There used to be a raid6 module which was forked from raid5, with a lot
of duplicate code. That really made really no sense.
-hpa
--
H. Peter Anvin, Intel Open Source Technology Center
I work for Intel. I don't speak on their behalf.
On Sun, April 19, 2009 12:07 pm, H. Peter Anvin wrote:
> Matti Aarnio wrote:
>>
>> I did quick "sum of symbol sizes" lookup of the raid.ko, and got
>> it like this:
>>
>> nm -t d -n -S
>> /lib/modules/2.6.27.21-170.2.56.fc10.x86_64/kernel/drivers/md/raid456.ko
>> | grep raid4|awk '{print $2}'|sed -e 's/^0*//g'|awk '{sum+=$1}END{print
>> sum}'
>> ...
>>
>> raid4: 152
>> raid5: 7165
>> raid6: 75558
>>
>> Entire 64kB of that raid6 is single pre-initialized r/o datablock:
>> raid6_gfmul
>>
>> So yes, having RAID6 personality as separate module would be appropriate
>> for
>> systems that are only interested in RAID4 or RAID5. Separating the
>> RAID4
>> personality wastes space, separating RAID5 ... barely 2 of 4k memory
>> pages.
>>
>
> RAID 4 is really just another layout scheme for RAID 5. But yes, moving
> RAID 6 to a separate module makes sense. The amount of RAID 5 code not
> used by RAID 6 is fairly trivial, so the right way to do this is to have
> the raid6 module depend on the raid5 module.
In 2.6.30, the Q syndrome code has been moved into a separate module,
so raid456.ko should be quite a bit smaller.
Of the remaining code, much is common, and some have raid5 and raid6
versions.
Part of the reason for that is that we support async xor offload for
raid5 but not for raid6, so raid6 doesn't use the async paths.
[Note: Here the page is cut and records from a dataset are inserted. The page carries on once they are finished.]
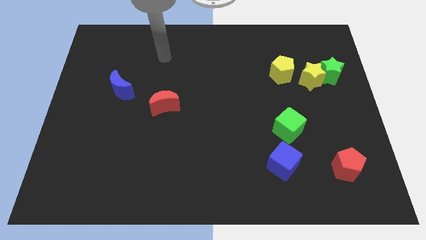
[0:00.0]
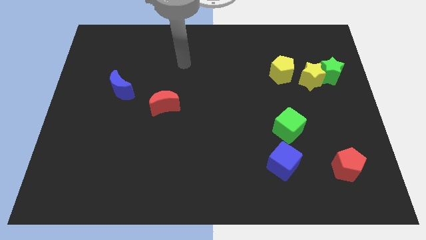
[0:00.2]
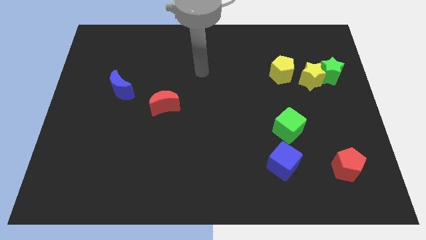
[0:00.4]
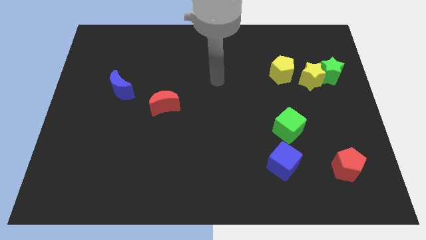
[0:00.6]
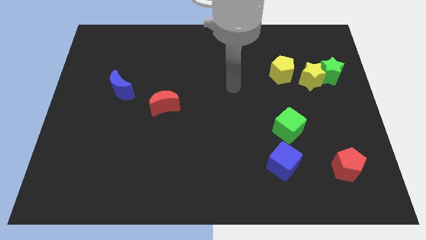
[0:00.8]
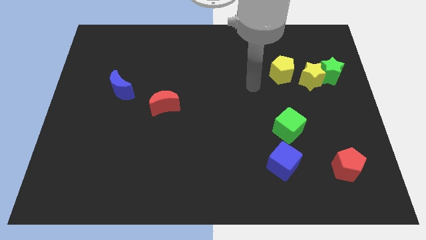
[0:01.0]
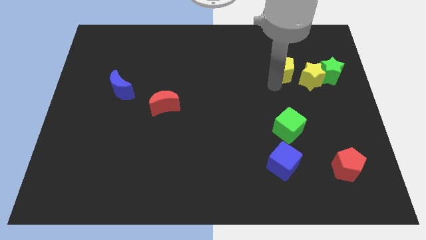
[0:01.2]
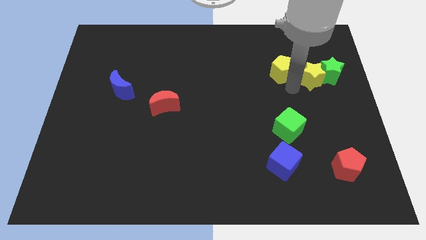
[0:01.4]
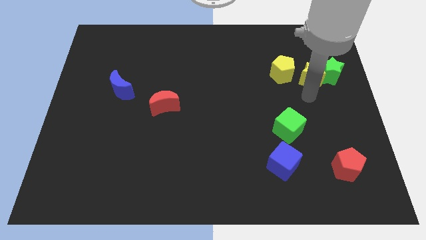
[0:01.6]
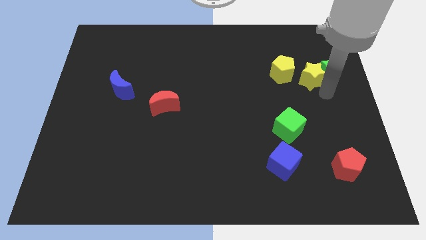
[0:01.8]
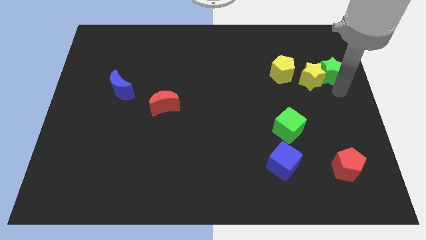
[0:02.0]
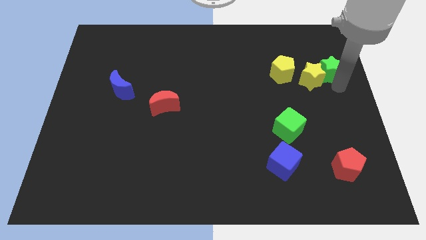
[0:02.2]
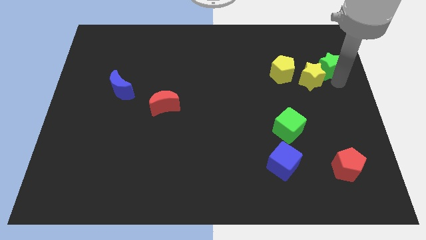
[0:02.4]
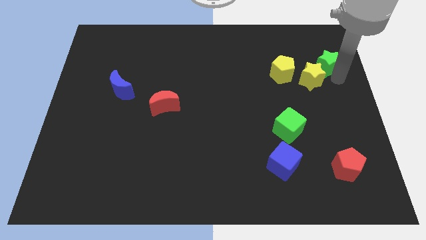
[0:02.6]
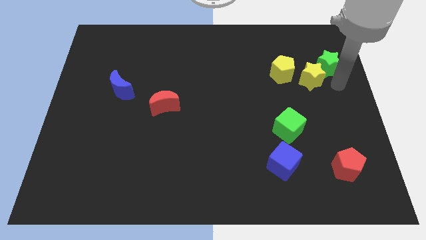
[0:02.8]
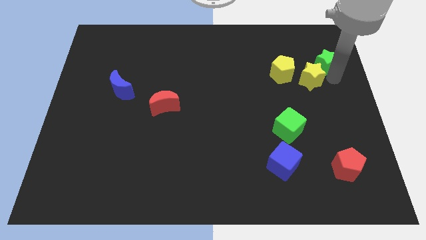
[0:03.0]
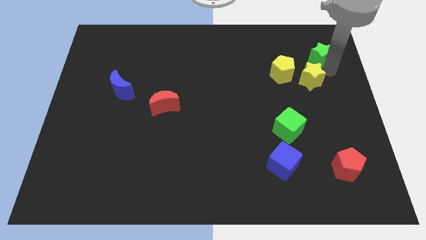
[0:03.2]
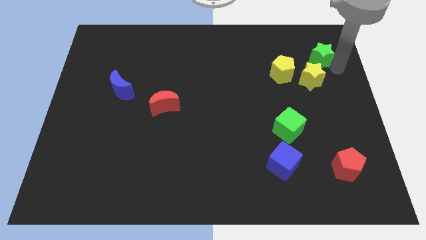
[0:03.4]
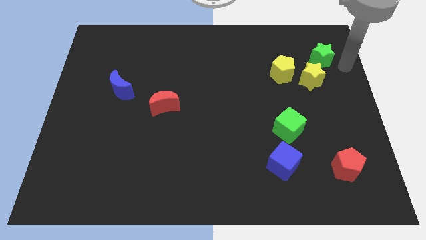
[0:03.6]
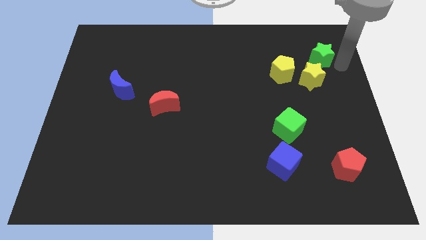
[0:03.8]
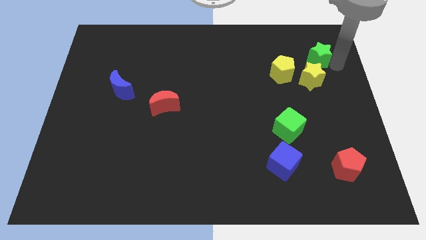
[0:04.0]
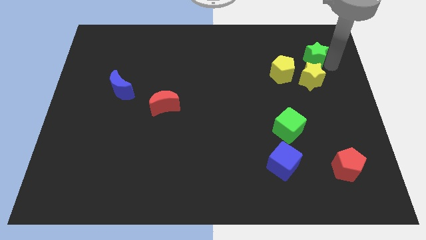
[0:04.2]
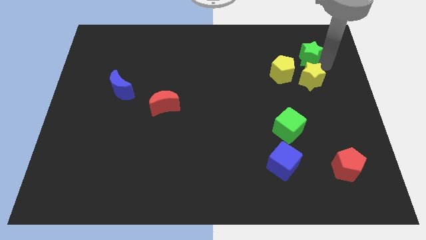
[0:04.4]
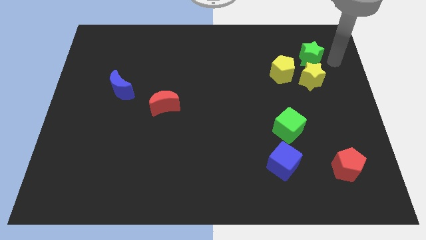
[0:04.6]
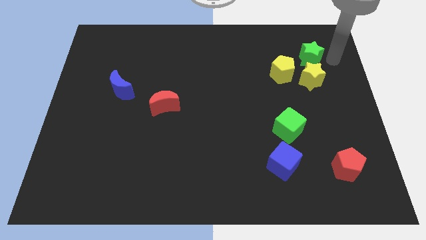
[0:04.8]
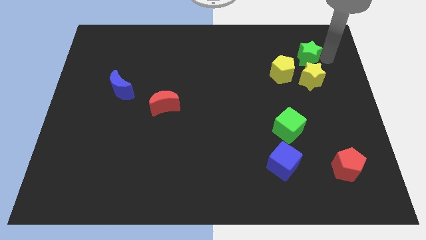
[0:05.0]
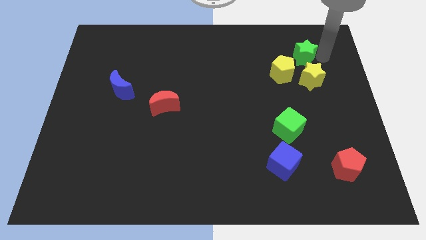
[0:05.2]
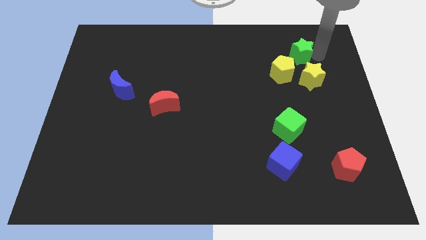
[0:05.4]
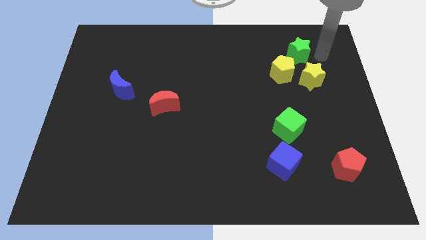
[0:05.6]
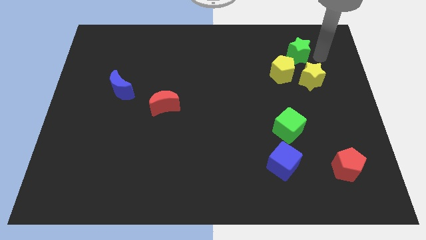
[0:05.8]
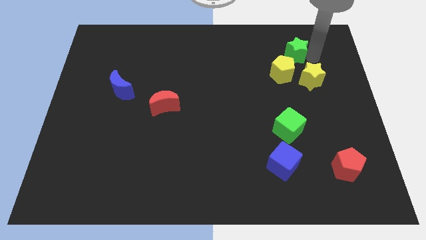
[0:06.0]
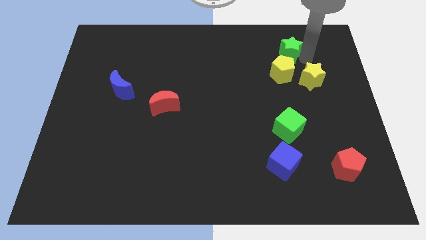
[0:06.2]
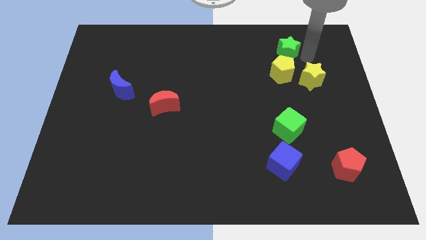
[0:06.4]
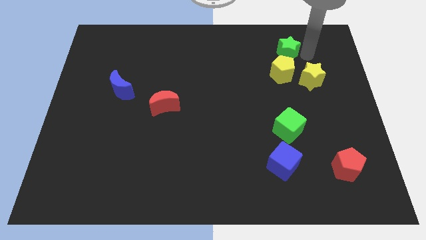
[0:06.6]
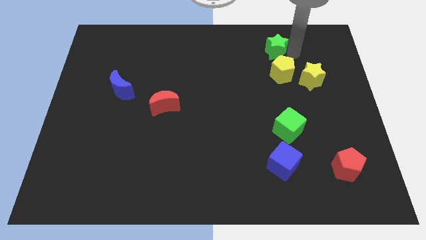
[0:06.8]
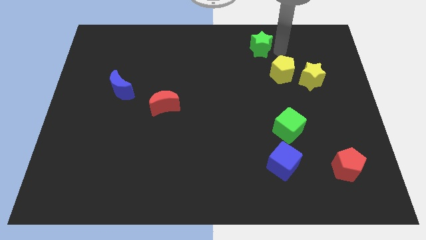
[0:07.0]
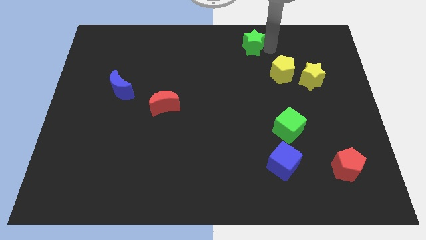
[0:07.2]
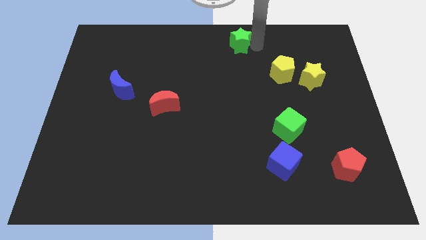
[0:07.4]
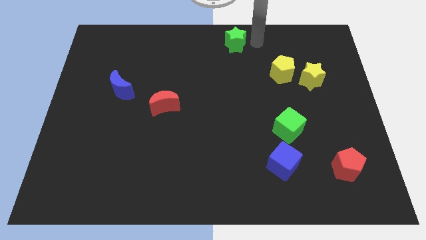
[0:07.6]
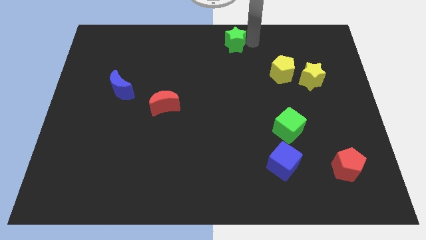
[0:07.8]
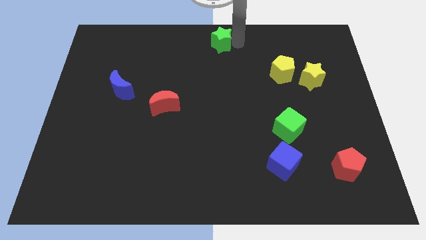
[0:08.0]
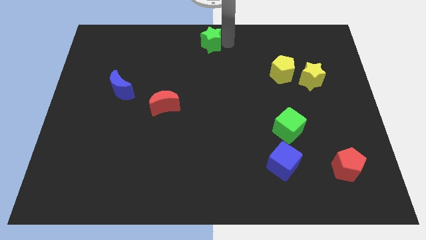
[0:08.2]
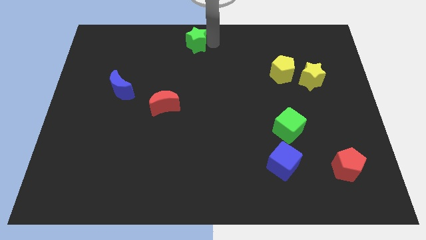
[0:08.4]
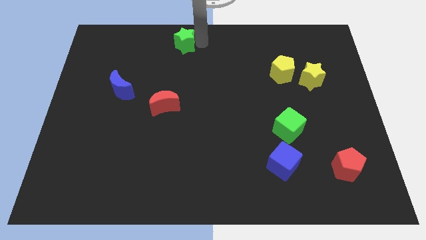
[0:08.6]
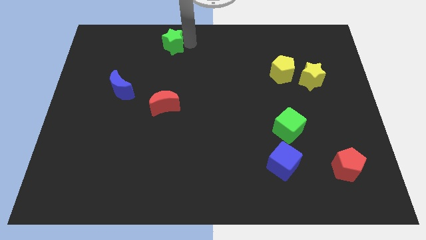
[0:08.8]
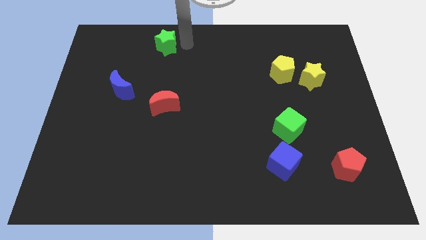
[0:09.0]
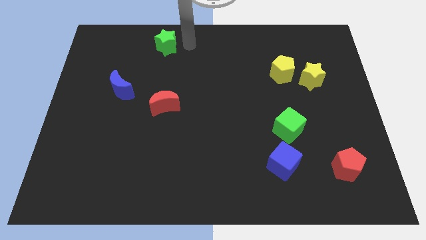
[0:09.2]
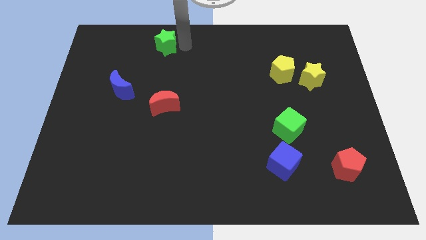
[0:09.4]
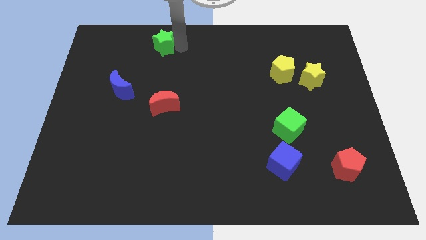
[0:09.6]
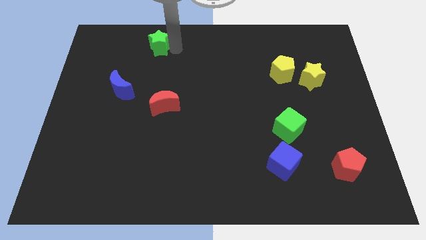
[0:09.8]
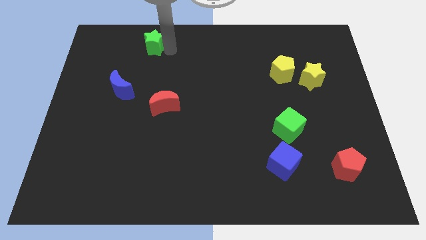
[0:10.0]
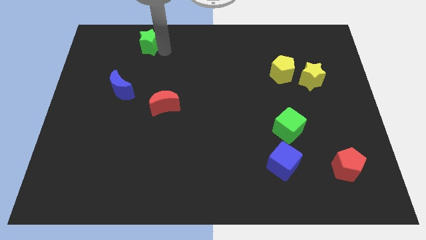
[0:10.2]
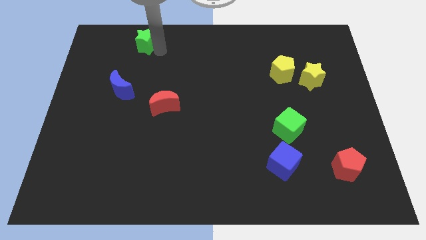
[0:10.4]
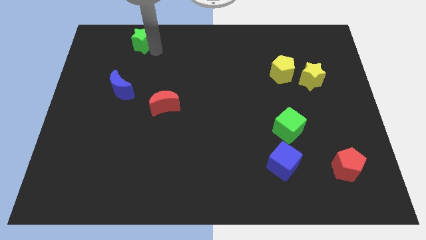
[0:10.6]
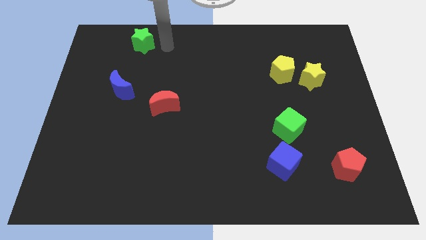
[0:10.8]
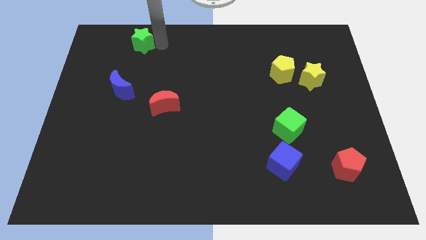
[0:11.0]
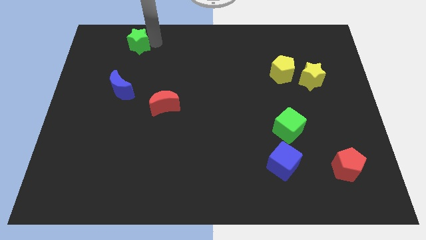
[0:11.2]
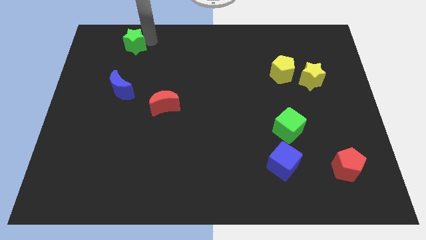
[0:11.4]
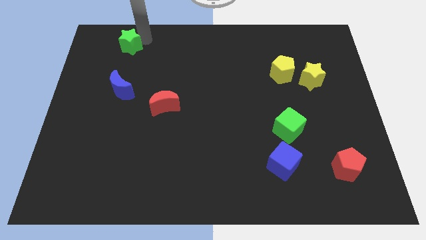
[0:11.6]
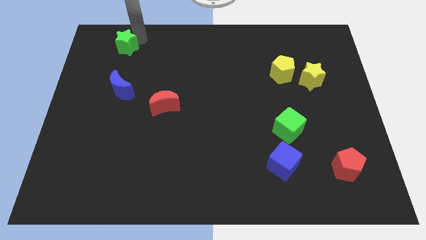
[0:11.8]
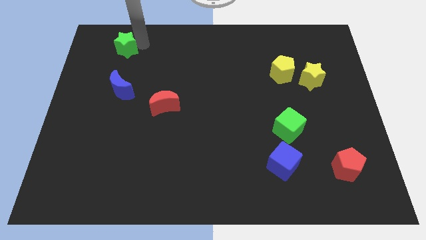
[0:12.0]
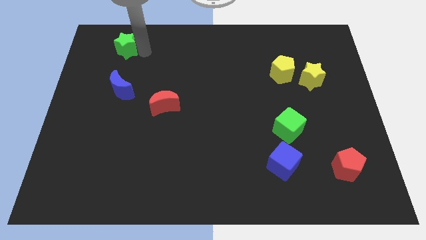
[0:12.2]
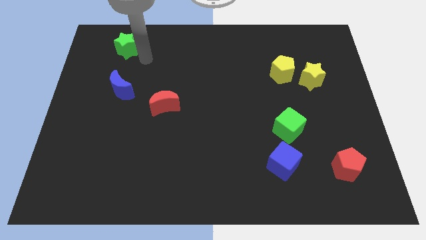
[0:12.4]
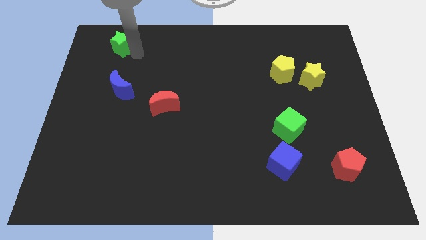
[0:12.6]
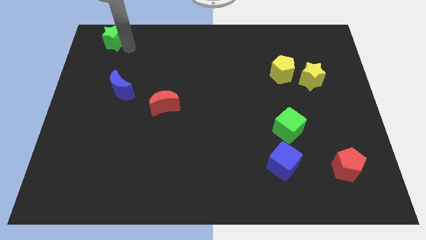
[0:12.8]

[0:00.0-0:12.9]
put the green star to the upper left corner

In 2.6.31, we should get async offload of the Q syndrome, so there
is a good chance that we could unify a lot of the code that currently
has separate raid5 and raid6 paths.
In code terms, the different between raid5 and raid6 is quite small
- raid6 has an extra 'parity' block
- raid6 cannot do read-modify-write cycles (at least with the current
implementation)
That is not reason enough to have separate code.
>
> There used to be a raid6 module which was forked from raid5, with a lot
> of duplicate code. That really made really no sense.
>
It was a good way to get raid6 implemented without risking raid5,
but long term I fully agree.
NeilBrown
On Sunday April 19, [email protected] wrote:
>
> In 2.6.30, the Q syndrome code has been moved into a separate module,
> so raid456.ko should be quite a bit smaller.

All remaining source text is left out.